Chen Juan, Zhou Hai Chao, Pan Ying, Shyla Farzana Shazia, Tam Nora Fung-Yee
Department of Biology and Chemistry, City University of Hong Kong, Tat Chee Avenue, Kowloon, Hong Kong SAR, China; State Key Laboratory in Marine Pollution, City University of Hong Kong, Tat Chee Avenue, Kowloon, Hong Kong SAR, China.
Department of Biology and Chemistry, City University of Hong Kong, Tat Chee Avenue, Kowloon, Hong Kong SAR, China; State Key Laboratory in Marine Pollution, City University of Hong Kong, Tat Chee Avenue, Kowloon, Hong Kong SAR, China.
Sci Total Environ. 2016 May 15;553:60-70. doi: 10.1016/j.scitotenv.2016.02.052. Epub 2016 Feb 20.

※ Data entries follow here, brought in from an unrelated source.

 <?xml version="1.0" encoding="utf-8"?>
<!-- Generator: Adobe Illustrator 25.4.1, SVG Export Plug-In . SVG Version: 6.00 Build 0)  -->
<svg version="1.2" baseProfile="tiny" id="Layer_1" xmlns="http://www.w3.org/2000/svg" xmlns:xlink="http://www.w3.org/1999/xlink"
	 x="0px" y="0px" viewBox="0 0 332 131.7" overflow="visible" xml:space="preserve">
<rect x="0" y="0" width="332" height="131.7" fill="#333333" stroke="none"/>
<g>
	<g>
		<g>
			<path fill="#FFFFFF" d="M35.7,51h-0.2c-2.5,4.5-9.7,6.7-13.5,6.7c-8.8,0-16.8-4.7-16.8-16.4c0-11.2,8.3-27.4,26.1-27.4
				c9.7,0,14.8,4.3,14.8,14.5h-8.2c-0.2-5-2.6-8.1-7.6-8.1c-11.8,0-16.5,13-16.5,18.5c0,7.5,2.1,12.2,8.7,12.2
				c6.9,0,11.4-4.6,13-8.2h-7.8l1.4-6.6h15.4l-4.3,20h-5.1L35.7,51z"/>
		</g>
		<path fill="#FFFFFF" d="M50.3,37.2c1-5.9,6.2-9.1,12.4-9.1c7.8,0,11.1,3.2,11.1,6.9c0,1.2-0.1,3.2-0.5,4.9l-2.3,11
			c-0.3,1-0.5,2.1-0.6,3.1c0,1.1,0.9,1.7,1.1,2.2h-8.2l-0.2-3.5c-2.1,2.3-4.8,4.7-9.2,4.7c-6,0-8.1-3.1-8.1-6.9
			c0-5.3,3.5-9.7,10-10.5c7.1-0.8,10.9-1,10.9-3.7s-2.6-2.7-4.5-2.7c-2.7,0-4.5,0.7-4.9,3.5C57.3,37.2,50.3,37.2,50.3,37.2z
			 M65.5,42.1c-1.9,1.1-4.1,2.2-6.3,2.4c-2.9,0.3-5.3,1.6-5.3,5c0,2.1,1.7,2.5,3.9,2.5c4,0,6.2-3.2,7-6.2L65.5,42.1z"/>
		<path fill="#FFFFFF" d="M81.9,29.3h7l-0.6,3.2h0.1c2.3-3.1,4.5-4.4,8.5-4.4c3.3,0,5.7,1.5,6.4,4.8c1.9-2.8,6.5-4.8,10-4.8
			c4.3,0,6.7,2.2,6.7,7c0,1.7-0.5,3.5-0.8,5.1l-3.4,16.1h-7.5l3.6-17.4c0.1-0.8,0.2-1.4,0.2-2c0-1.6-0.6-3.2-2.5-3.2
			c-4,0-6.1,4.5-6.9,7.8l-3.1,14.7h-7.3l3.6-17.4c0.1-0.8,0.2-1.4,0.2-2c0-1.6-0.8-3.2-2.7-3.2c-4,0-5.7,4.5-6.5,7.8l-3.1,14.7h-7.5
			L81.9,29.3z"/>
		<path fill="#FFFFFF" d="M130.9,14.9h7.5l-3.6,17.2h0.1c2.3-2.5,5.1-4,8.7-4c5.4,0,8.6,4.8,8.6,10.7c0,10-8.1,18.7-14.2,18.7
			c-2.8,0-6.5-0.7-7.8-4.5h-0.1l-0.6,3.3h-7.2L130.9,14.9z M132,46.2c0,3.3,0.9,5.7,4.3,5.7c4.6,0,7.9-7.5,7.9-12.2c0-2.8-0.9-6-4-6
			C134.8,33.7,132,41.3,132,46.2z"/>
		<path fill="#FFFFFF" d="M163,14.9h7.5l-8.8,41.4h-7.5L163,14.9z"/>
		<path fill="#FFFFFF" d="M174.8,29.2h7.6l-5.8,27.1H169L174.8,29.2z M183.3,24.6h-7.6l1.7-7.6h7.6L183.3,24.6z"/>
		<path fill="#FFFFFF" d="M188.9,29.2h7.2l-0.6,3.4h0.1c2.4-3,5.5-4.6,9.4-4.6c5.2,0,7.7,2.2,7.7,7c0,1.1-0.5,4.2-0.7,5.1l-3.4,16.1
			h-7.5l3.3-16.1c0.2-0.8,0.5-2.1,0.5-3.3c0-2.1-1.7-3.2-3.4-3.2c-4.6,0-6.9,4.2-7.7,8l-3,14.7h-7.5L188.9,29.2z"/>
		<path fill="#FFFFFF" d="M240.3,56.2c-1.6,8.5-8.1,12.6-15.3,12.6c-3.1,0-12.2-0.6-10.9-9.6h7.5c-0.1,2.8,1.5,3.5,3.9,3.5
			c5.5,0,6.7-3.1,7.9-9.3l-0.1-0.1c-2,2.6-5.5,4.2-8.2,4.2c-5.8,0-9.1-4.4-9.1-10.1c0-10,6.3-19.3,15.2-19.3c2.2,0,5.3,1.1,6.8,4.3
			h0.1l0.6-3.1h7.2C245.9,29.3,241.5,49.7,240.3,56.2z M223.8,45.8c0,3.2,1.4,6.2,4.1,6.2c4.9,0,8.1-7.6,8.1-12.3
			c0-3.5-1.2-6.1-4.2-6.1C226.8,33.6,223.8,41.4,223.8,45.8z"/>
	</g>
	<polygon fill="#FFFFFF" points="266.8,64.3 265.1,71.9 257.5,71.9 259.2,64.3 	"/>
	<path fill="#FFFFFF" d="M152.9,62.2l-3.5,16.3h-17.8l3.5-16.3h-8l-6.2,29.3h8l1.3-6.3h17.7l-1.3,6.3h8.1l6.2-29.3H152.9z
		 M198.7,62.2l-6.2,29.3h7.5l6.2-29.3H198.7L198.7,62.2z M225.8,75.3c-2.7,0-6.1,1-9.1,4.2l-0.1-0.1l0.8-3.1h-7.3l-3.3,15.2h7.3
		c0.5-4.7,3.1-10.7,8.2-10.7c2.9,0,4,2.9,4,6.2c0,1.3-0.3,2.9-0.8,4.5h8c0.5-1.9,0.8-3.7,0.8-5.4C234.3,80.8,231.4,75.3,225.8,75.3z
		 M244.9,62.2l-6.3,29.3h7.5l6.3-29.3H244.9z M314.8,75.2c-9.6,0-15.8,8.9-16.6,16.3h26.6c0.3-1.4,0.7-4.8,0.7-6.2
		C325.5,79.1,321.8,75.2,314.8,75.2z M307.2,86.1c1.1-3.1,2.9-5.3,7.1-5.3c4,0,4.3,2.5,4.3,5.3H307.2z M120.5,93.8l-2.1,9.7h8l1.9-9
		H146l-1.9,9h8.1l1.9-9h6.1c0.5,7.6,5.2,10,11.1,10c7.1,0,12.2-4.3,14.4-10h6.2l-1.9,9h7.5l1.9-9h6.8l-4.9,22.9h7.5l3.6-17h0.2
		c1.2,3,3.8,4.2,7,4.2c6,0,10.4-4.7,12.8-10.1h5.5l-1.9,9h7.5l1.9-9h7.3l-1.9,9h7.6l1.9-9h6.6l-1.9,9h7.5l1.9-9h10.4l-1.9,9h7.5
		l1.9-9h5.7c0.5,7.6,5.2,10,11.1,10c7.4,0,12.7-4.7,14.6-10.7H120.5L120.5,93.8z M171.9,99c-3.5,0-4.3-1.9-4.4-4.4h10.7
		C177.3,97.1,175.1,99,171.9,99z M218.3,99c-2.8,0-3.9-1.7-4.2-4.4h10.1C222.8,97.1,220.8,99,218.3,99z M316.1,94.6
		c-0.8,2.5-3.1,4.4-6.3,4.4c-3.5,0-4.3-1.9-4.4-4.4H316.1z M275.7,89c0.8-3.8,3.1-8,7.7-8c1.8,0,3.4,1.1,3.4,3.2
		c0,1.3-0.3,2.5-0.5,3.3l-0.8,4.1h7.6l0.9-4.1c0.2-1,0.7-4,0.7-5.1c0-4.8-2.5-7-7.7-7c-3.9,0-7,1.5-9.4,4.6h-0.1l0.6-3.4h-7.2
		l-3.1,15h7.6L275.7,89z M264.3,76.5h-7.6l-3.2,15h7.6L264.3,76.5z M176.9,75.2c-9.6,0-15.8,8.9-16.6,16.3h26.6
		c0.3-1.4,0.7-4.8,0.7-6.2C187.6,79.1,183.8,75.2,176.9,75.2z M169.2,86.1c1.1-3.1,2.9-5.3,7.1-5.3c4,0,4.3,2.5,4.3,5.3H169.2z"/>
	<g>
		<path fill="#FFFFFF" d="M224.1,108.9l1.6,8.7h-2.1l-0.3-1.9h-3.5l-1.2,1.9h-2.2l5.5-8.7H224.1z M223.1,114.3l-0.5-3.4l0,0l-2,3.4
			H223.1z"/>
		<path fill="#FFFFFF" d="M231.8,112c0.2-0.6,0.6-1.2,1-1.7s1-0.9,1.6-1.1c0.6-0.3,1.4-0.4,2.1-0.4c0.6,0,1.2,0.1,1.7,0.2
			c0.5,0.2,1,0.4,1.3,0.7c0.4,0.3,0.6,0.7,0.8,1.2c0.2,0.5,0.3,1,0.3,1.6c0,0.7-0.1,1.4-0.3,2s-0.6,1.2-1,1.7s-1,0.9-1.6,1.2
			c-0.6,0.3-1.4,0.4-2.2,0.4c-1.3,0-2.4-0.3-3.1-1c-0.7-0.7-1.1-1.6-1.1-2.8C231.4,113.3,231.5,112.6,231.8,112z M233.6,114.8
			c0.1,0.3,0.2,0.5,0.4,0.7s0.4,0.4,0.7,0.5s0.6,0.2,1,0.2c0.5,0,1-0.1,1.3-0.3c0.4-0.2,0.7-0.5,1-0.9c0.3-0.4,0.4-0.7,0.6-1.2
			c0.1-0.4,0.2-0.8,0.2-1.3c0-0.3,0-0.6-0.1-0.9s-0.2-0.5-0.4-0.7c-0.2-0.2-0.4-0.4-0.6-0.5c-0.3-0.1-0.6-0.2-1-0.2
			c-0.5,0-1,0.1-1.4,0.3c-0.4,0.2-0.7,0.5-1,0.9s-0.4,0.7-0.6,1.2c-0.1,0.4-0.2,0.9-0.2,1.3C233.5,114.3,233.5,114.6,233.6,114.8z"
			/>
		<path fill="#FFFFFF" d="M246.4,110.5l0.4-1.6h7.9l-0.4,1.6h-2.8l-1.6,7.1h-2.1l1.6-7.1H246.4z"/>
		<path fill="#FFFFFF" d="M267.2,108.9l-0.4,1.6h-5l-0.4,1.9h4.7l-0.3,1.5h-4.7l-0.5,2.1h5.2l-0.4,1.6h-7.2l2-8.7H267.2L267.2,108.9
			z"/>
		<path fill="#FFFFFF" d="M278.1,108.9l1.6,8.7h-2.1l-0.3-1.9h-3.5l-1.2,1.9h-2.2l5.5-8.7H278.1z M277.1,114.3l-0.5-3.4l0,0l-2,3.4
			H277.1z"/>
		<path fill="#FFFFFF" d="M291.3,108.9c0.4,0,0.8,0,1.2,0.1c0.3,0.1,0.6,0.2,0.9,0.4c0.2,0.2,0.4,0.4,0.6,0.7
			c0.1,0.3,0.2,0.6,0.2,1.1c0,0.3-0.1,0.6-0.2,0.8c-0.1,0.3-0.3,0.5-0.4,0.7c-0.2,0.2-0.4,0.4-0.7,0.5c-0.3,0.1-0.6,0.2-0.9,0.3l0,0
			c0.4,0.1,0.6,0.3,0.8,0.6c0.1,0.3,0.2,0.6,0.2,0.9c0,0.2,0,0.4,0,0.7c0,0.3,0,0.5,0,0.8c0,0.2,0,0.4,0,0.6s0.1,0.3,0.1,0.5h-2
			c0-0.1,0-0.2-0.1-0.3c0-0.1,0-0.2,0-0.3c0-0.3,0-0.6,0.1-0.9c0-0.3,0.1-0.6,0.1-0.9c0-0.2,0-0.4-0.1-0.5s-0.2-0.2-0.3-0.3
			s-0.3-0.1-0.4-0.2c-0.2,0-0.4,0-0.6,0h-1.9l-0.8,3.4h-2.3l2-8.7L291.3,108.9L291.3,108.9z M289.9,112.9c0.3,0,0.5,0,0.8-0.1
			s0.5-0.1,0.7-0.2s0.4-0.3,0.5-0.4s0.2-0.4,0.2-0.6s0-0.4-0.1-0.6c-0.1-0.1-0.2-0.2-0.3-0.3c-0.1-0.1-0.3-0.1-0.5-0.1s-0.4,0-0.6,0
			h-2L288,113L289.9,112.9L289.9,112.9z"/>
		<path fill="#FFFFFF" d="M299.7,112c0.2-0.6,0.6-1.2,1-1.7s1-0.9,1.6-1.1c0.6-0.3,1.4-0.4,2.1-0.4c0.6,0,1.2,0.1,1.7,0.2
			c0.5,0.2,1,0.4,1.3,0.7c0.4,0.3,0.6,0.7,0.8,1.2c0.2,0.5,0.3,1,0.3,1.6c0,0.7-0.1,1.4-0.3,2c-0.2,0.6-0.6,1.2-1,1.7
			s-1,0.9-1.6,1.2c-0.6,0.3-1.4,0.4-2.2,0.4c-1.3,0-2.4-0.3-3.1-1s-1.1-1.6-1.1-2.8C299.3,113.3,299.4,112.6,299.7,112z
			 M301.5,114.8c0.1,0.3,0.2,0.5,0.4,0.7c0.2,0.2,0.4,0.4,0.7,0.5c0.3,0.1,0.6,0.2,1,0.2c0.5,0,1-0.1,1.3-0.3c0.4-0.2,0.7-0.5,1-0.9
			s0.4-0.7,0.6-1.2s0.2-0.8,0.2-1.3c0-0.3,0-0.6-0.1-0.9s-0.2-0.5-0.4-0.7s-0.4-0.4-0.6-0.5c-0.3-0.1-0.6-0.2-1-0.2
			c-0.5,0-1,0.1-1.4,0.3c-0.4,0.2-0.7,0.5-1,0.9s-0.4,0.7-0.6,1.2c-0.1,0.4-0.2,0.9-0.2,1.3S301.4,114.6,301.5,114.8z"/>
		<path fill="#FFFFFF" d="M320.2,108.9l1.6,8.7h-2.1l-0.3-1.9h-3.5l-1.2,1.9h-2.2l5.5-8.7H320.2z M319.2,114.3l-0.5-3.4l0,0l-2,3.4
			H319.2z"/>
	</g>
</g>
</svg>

Little is known about polybrominated diphenyl ethers (PBDEs) and planting affect biogeochemical processes, and their impact on microbial nitrogen (N) transformation in soil. A 12-month microcosm experiment was conducted to understand the effects of a mixture of PBDEs at two contamination levels, 2 and 20 mg kg(-1)dry weight representing low and high soil contamination, respectively, using two mangrove plant species, namely Kandelia obovata (Ko) and Bruguiera gymnorrhiza (Bg), on nitrification, denitrification and anammox in mangrove soils. No significant changes in these N transformation processes were found at month 3 and at a low level of PBDEs in both plant species, suggesting that short-term exposure to 2 mg kg(-1) contamination did not affect microbial N transformation. At month 12, a high level of PBDE contamination significantly decreased the nitrification potential activity and the copy numbers of archaeal amoA and bacterial amoA gene in Ko soil, but such inhibitory effect was not significant in Bg soil. On the contrary, the denitrification-related parameters, including the activities of nitrate reductase and nitrite reductase, potential denitrification activity and copy numbers of nirK, nirS and nosZ gene, were stimulated by a high level of PBDE contamination in both Ko and Bg soils, and the stimulation was higher in the more anaerobic Bg soil. Different from denitrification, a high level of PBDE contamination decreased the copy numbers of anammox bacterial 16S rRNA gene in Bg soil but not in Ko soil; this was possibly related to the lower nitrate concentration in Bg soil that might inhibit the growth of anammox bacteria. These results indicated that the effects of PBDEs on microbial N transformation were plant species-specific, with the nitrifying microorganisms in Ko soil more susceptible to PBDE contamination, while denitrification and anammox in Bg soil were more sensitive.
关于多溴二苯醚(PBDEs)及其对生物地球化学过程的影响,以及它们对土壤中微生物氮(N)转化的影响,人们所知甚少。进行了一项为期12个月的微观实验,以了解两种污染水平(分别为2和20 mg kg(-1)干重,代表低和高土壤污染)的PBDEs混合物对两种红树林植物,即秋茄(Ko)和木榄(Bg),对红树林土壤中硝化作用、反硝化作用和厌氧氨氧化的影响。在第3个月以及两种植物中PBDEs含量较低时,这些N转化过程没有显著变化,这表明短期暴露于2 mg kg(-1)的污染水平不会影响微生物N转化。在第12个月时,高浓度的PBDE污染显著降低了秋茄土壤中的硝化潜力活性以及古菌amoA和细菌amoA基因的拷贝数,但这种抑制作用在木榄土壤中不显著。相反,在秋茄和木榄土壤中,高浓度的PBDE污染均刺激了与反硝化作用相关的参数,包括硝酸还原酶和亚硝酸还原酶的活性、潜在反硝化活性以及nirK、nirS和nosZ基因的拷贝数,并且在厌氧性更强的木榄土壤中刺激作用更大。与反硝化作用不同,高浓度的PBDE污染降低了木榄土壤中厌氧氨氧化细菌16S rRNA基因的拷贝数,但在秋茄土壤中没有;这可能与木榄土壤中较低的硝酸盐浓度有关,该浓度可能抑制了厌氧氨氧化细菌的生长。这些结果表明,PBDEs对微生物N转化的影响具有植物物种特异性,秋茄土壤中的硝化微生物对PBDE污染更敏感,而木榄土壤中的反硝化作用和厌氧氨氧化更敏感。